- Activity
For this task, extract exactly the lines of the data below, from the line containing "[125.8 sec]" through the last one, with pictures left out.
··· Dataset extract
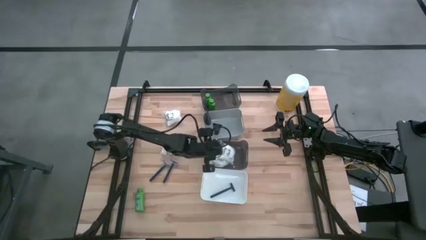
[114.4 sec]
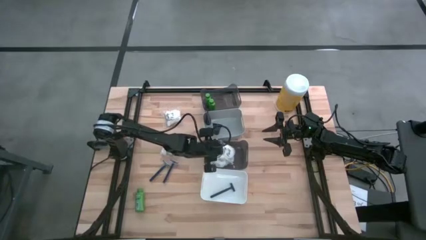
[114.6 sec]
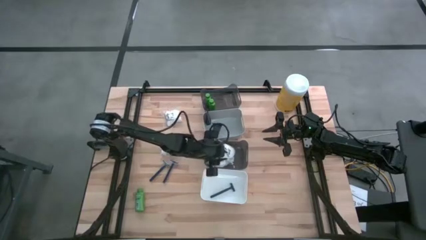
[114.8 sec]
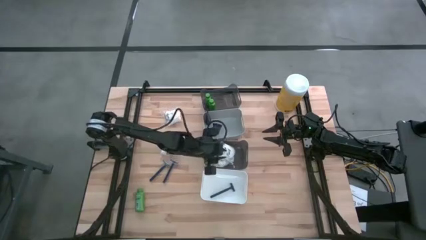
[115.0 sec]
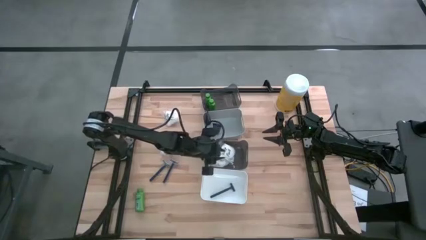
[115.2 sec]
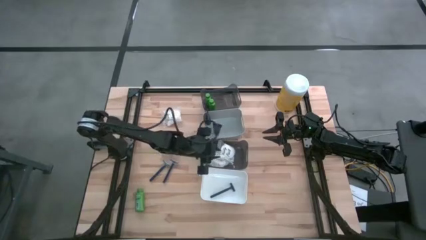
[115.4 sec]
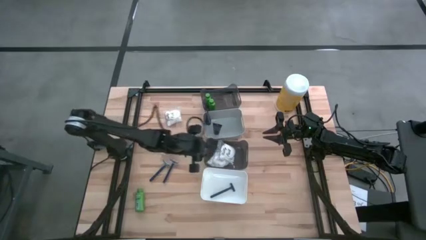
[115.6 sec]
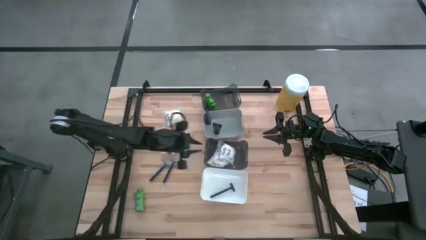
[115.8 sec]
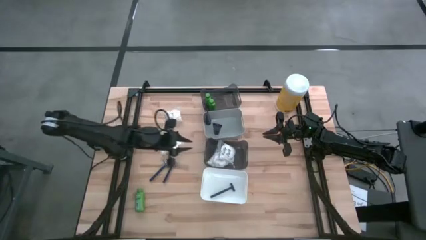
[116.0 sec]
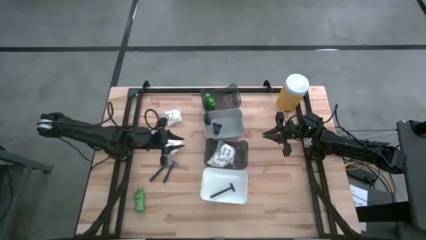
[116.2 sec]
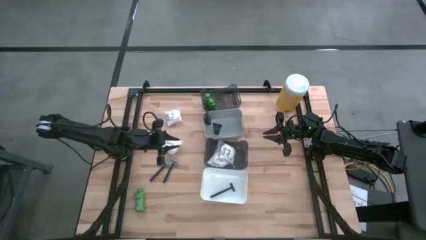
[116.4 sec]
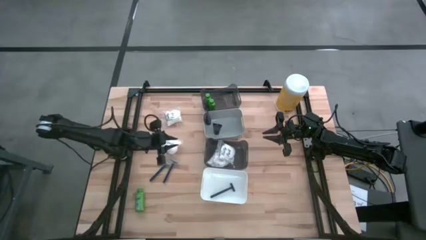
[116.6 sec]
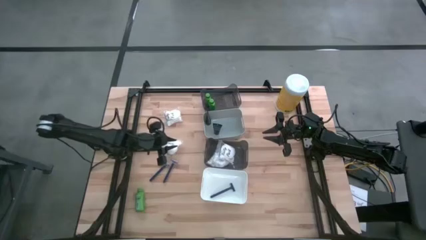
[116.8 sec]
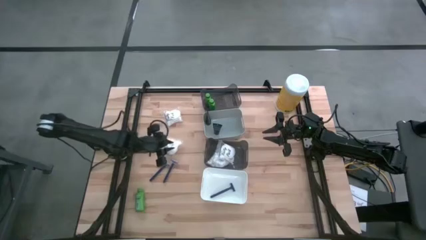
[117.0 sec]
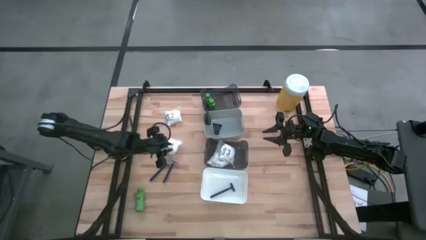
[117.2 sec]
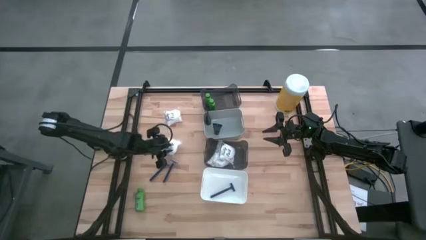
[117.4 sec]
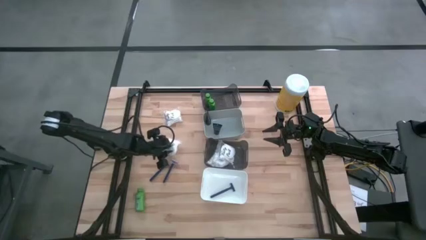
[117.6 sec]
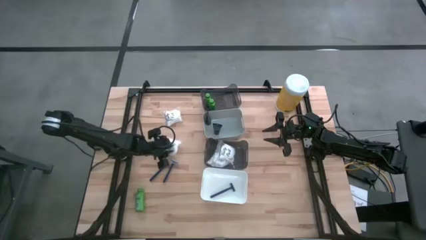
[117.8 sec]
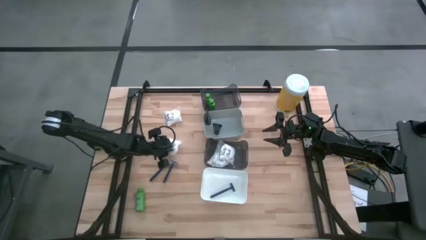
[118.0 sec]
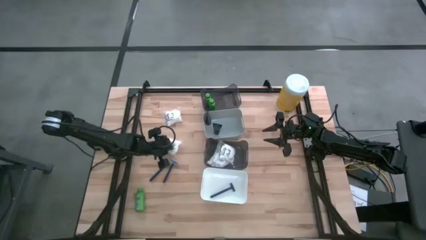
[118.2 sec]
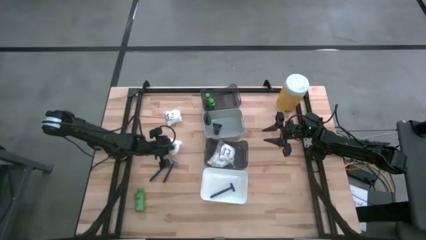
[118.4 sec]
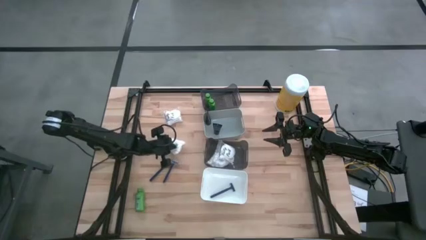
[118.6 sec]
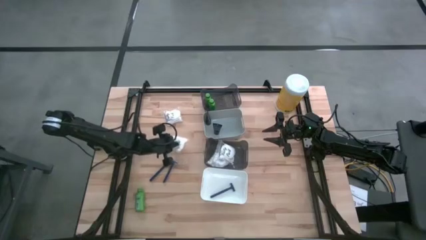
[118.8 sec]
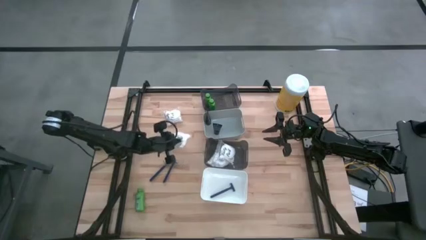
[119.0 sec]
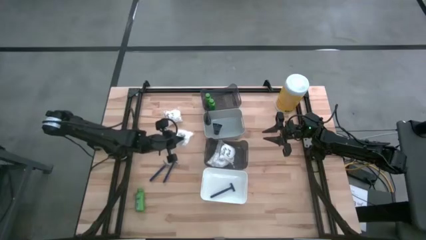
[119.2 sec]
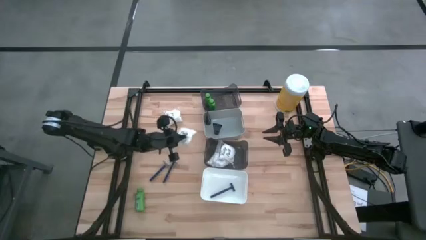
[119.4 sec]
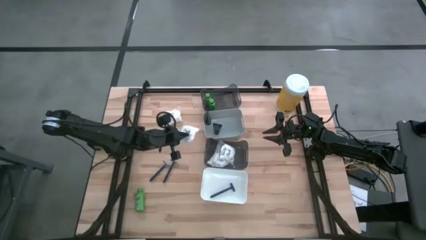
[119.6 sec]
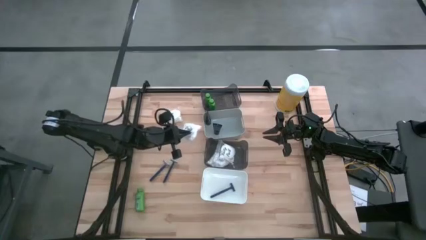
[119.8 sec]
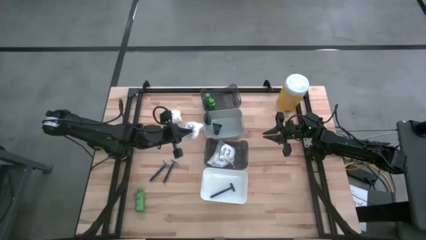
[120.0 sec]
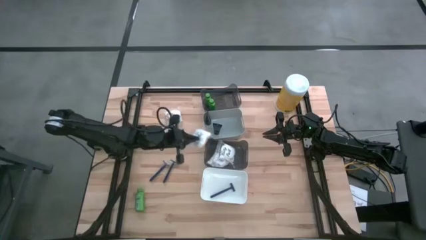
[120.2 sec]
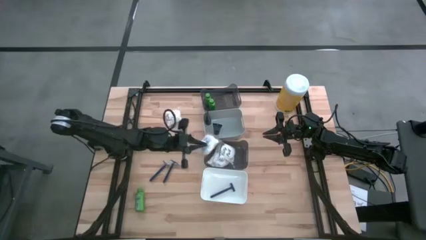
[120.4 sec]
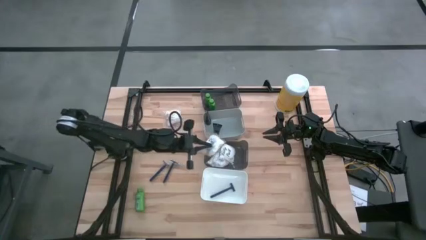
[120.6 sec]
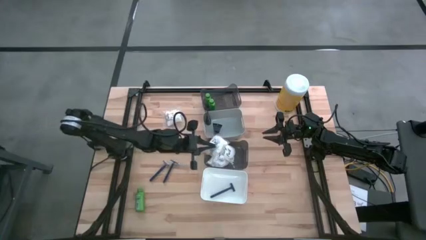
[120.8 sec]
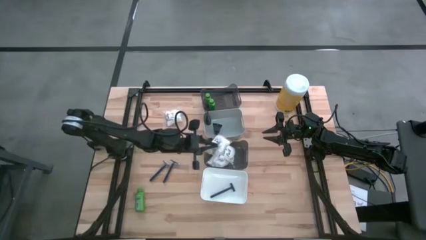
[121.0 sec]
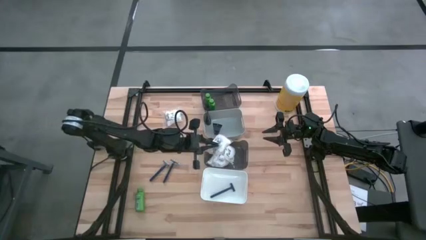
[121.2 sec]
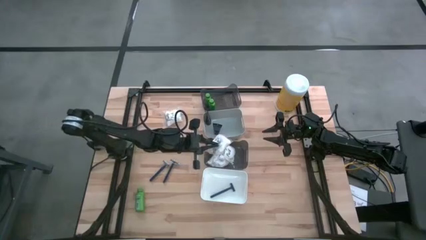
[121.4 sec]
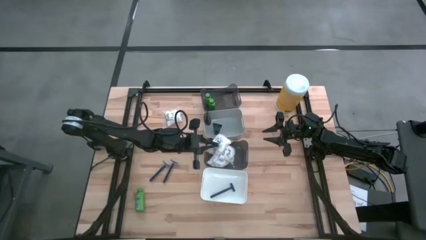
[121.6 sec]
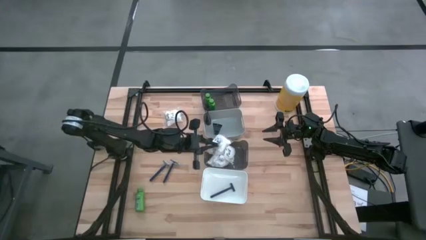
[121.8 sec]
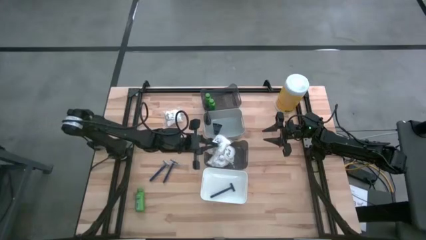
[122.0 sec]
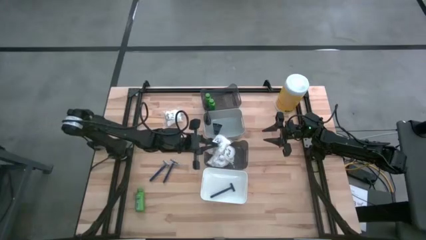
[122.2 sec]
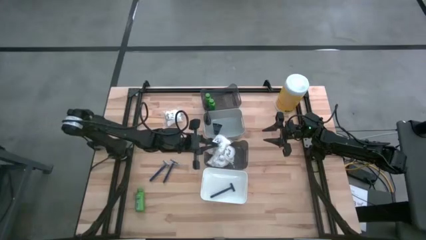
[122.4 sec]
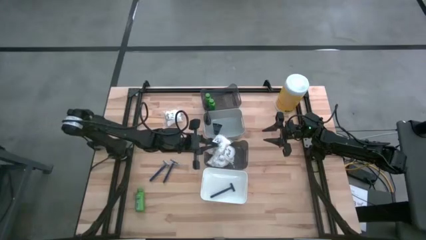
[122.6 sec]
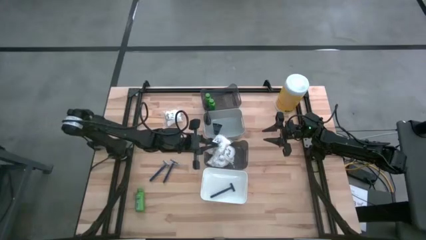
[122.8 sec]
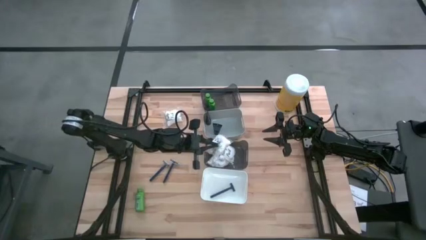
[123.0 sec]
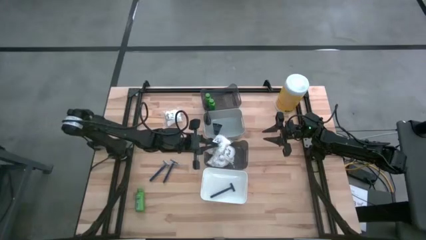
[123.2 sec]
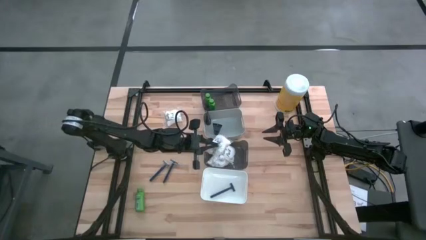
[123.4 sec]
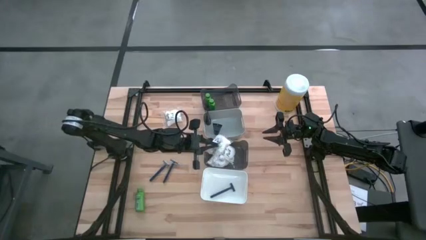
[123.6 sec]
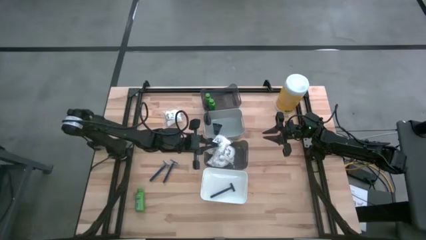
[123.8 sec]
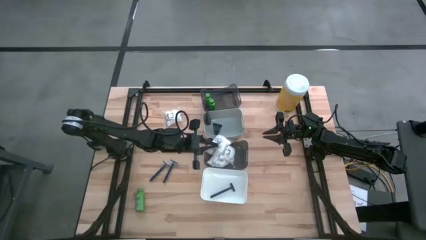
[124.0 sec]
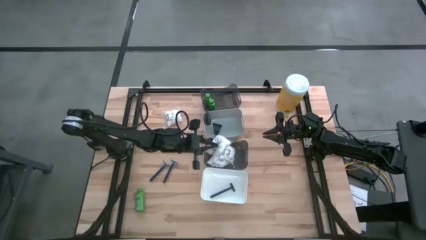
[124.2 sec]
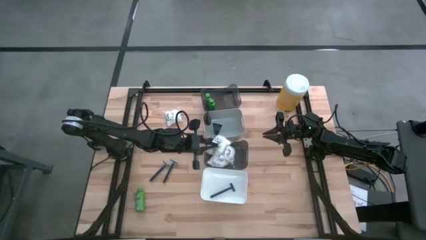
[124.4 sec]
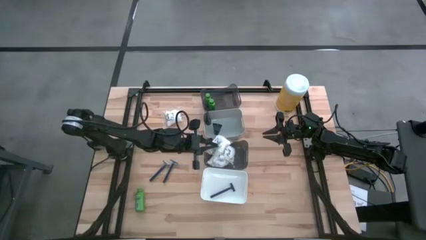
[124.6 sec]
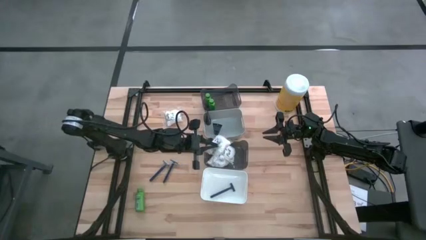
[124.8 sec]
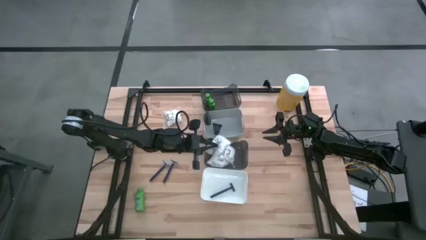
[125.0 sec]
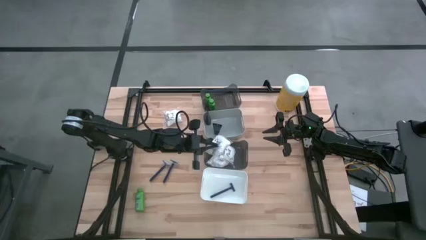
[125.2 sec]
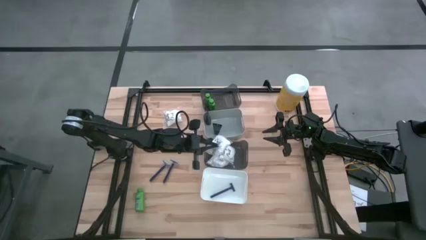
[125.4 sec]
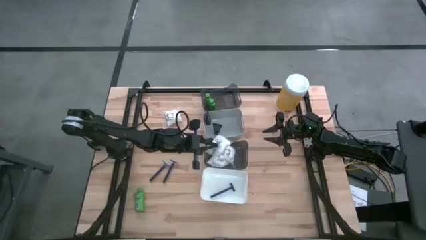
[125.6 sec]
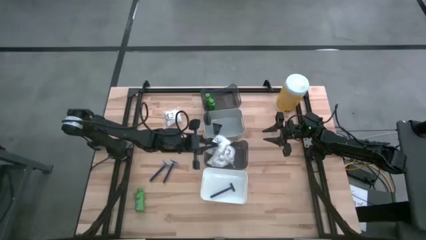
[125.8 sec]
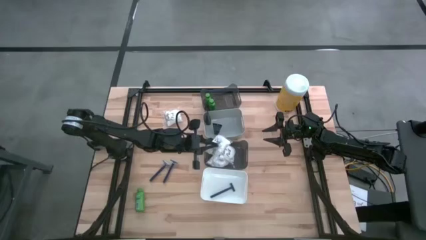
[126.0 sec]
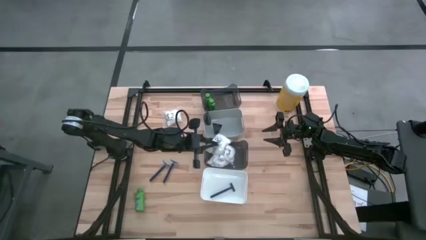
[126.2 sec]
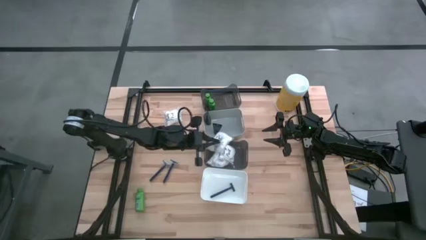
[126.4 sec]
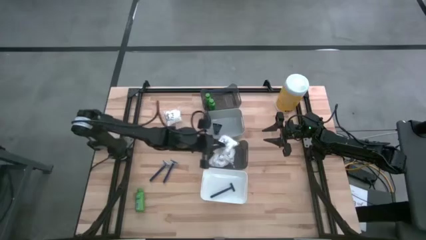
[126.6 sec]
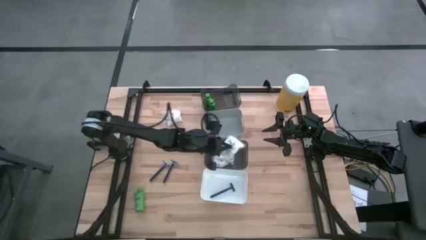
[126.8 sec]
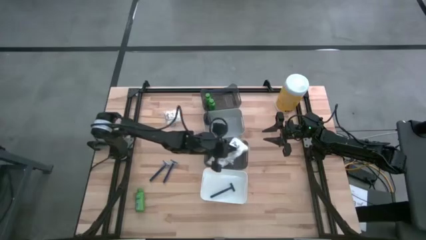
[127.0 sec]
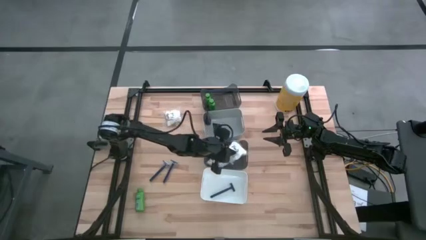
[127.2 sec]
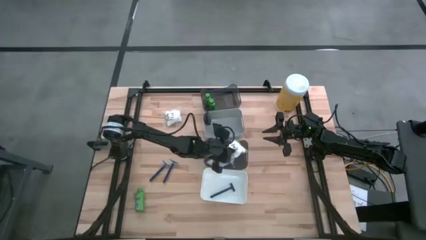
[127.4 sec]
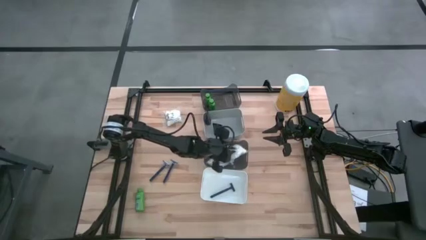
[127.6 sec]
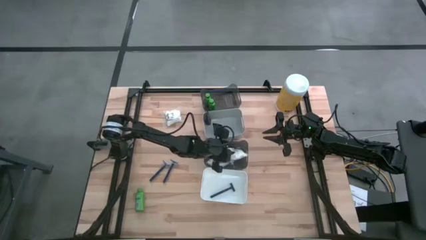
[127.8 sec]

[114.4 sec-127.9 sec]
Task: Pick & Place Travel size toiletries
Put the bottom white cotton pack into the bottom black bin
······
- Output for this task
[125.8 sec]
[126.0 sec]
[126.2 sec]
[126.4 sec]
[126.6 sec]
[126.8 sec]
[127.0 sec]
[127.2 sec]
[127.4 sec]
[127.6 sec]
[127.8 sec]

[114.4 sec-127.9 sec]
Task: Pick & Place Travel size toiletries
Put the bottom white cotton pack into the bottom black bin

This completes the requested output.